何が起こったのか全く理解してない玄坐は膝から崩れ落ちて地面に倒れた。
◆◆◆◆◆
玄坐達を倒したので、当然戦いの後始末が始まっているのだが、俺は邪魔だから隅にいろと全員から言われたため大人しく離れた場所で作業を見守っていた。
「……瓦礫くらいなら運べるのにな」
「止めて。鶴見君は動かないでちょうだい」
「鈴先輩。やっぱり僕が手伝うのはダメですか?」
「鶴見君が少しでも近づいたら、あなたの殺気を浴びた人達が泣き喚くのよ。お願いだから、これ以上騒ぎを広げないためにも、ここでジッとしてて」
「わかりました」
そうなのだ。
なぜか、玄坐を倒した後に動けないはずの鶴見家の連中が俺から離れようと半狂乱になった。

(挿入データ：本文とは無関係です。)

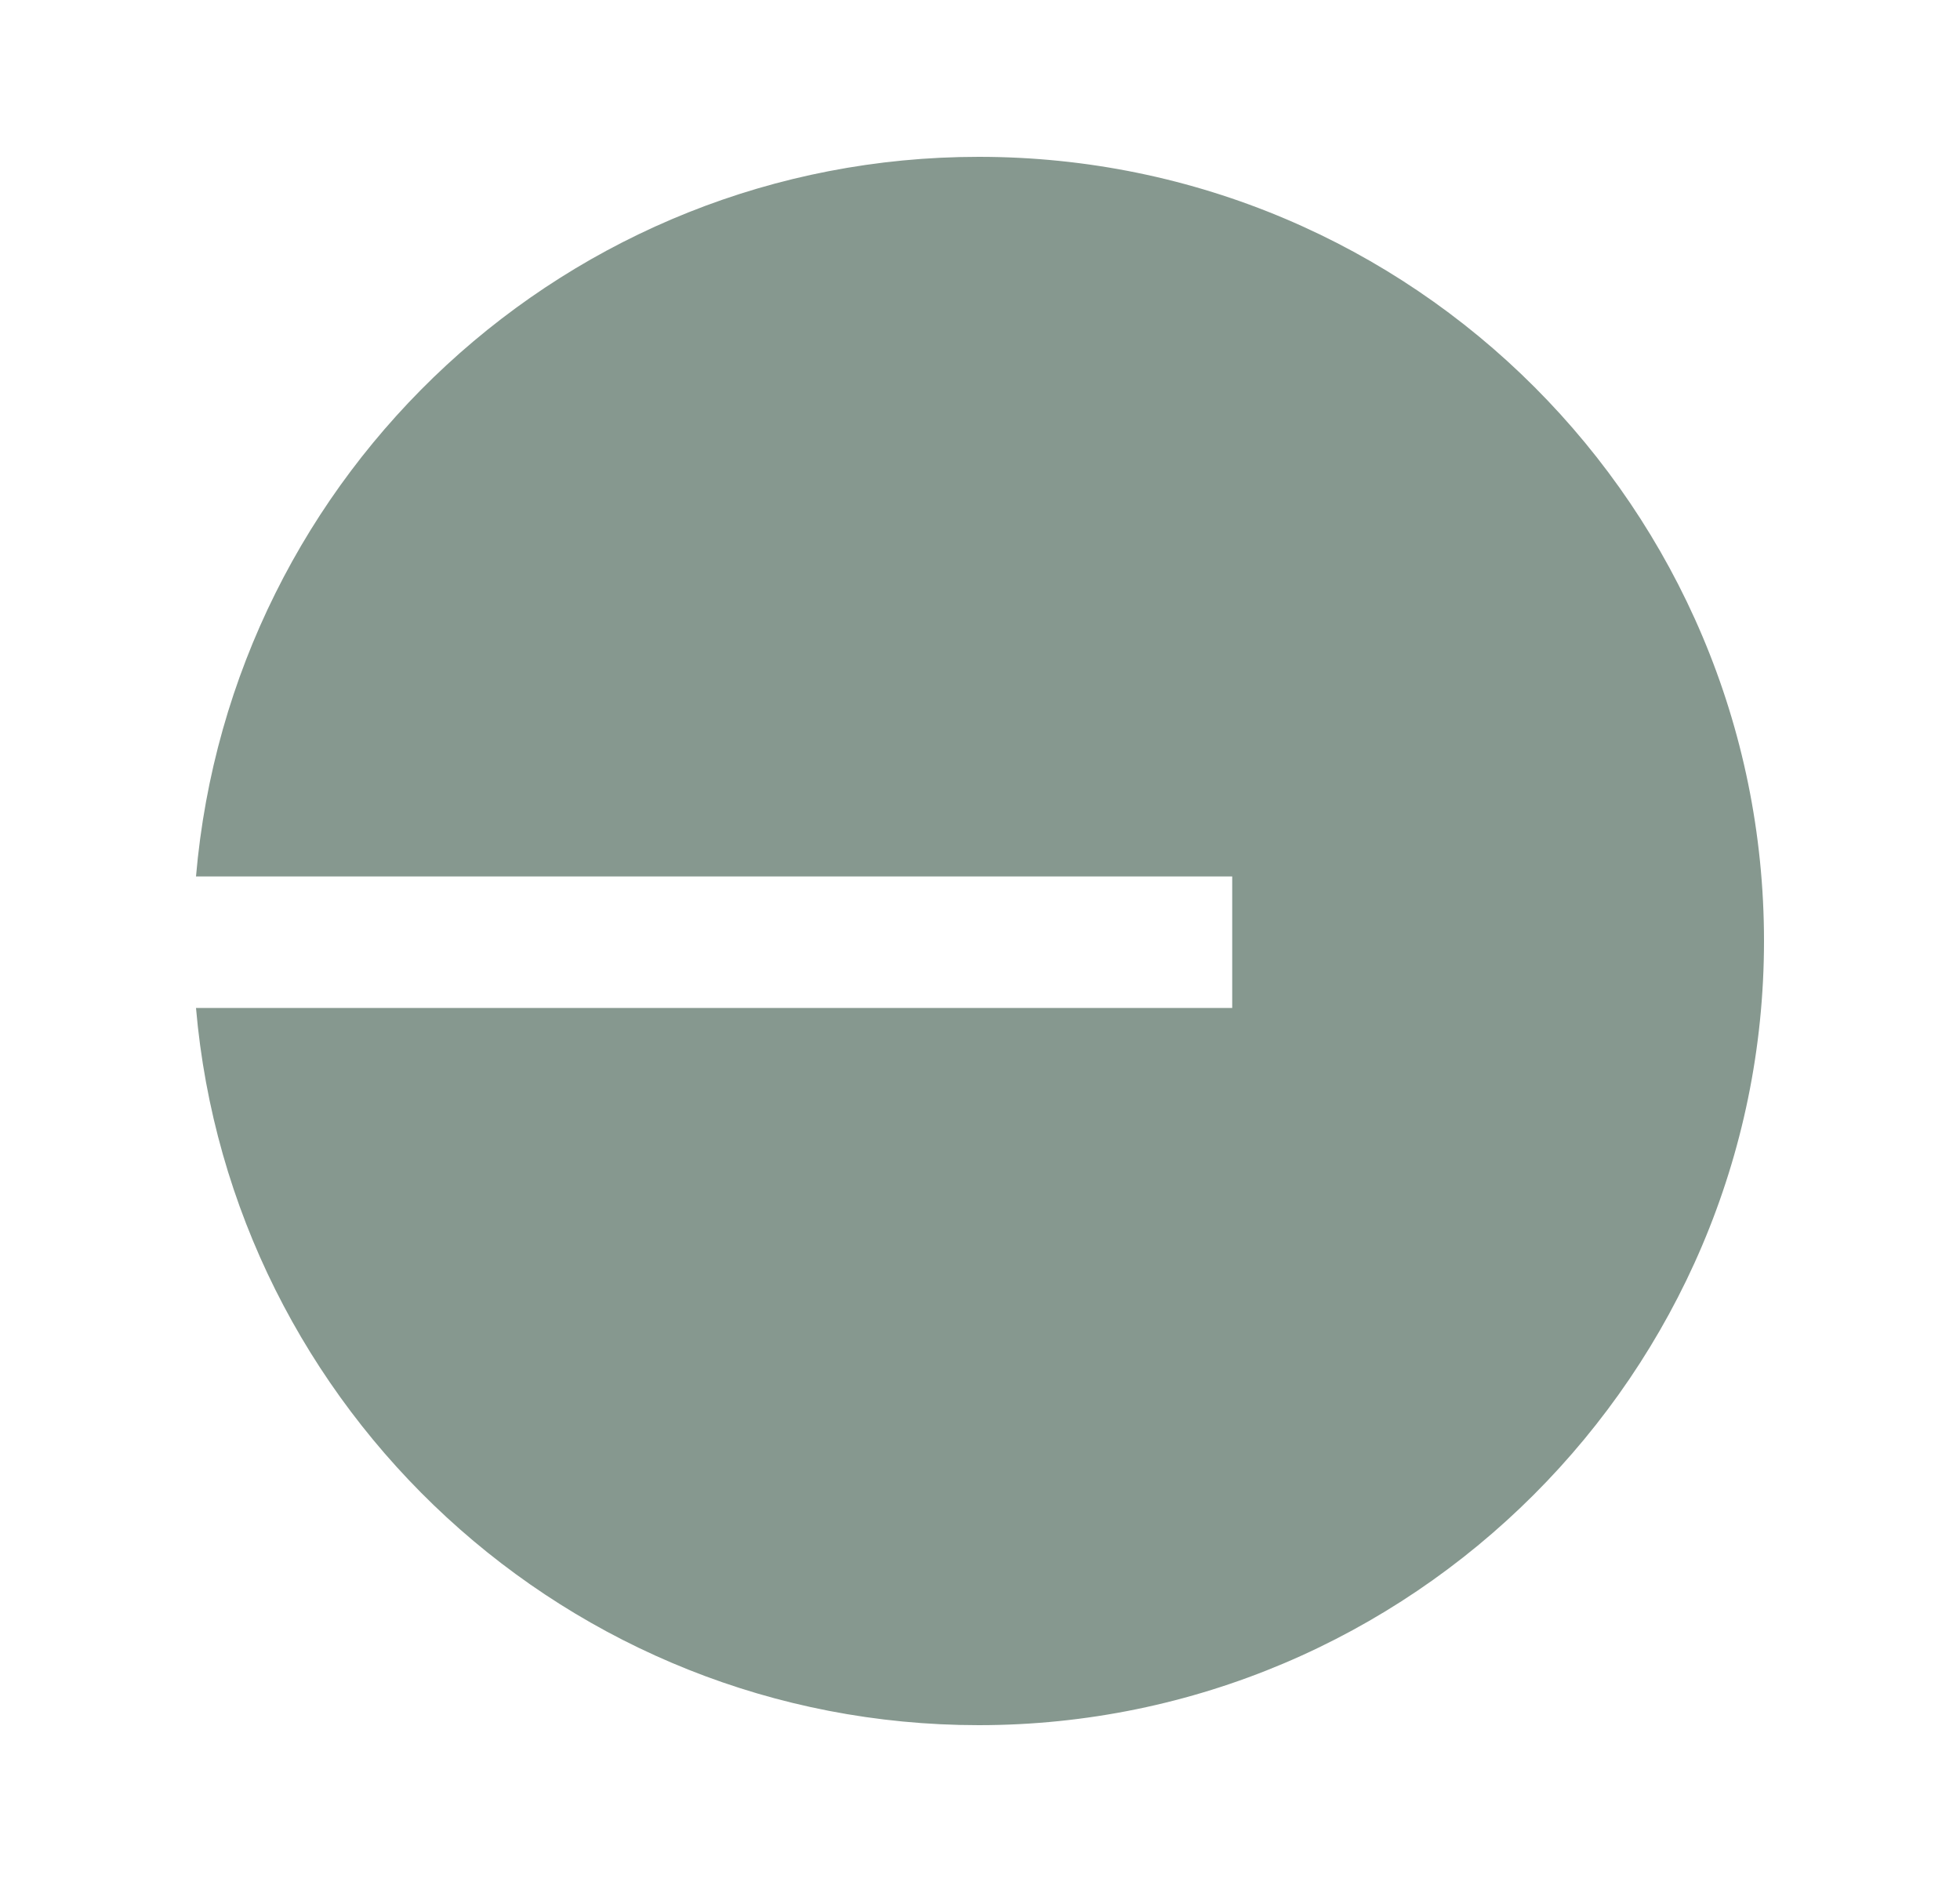 <svg width="25" height="24" viewBox="0 0 25 24" fill="none" xmlns="http://www.w3.org/2000/svg">
<path d="M22.5 12C22.5 17.506 17.999 22 12.484 22C7.254 22 2.944 17.981 2.5 12.854H15.717V11.177H2.5C2.944 6.019 7.254 2 12.484 2C18.031 2 22.5 6.494 22.5 12Z" fill="#86988F"/>
</svg>

まあ、確実に鈴 麗華の言った通り俺の殺意のせいだろうが、戦いに身を置いてるのに殺意で取り乱すのはどうなんだ?
「あそこまで拒絶されると、お化けとか妖怪になった気分ですよ」
「一部のものすごくやる気になっている人を例外とすれば、ああいう反応が自然なものよ」
「ちなみに鈴先輩は、どうなんですか?」
「私? 私は……」
一部というのは作業しつつも俺をギラギラした目で見てくるシスティーゾや生徒会連中の事だが、俺の質問に答えるように鈴 麗華の身体から雪混じりの冷気があふれてくる。
「鈴先輩も一部の方みたいですね」
「鶴見君を監視するのも止めるのも私の役目だから当然。それに聖に選ばれるような人間が負けず嫌いじゃないわけないでしょ?」
「よくわかりました」
「秋臣っ‼︎」
俺が鈴 麗華と話していたらガチガチに固めていた拘束をぶち壊した玄坐が、周りの奴らに抑えられながらも俺の方へ近づいてこようとしていた。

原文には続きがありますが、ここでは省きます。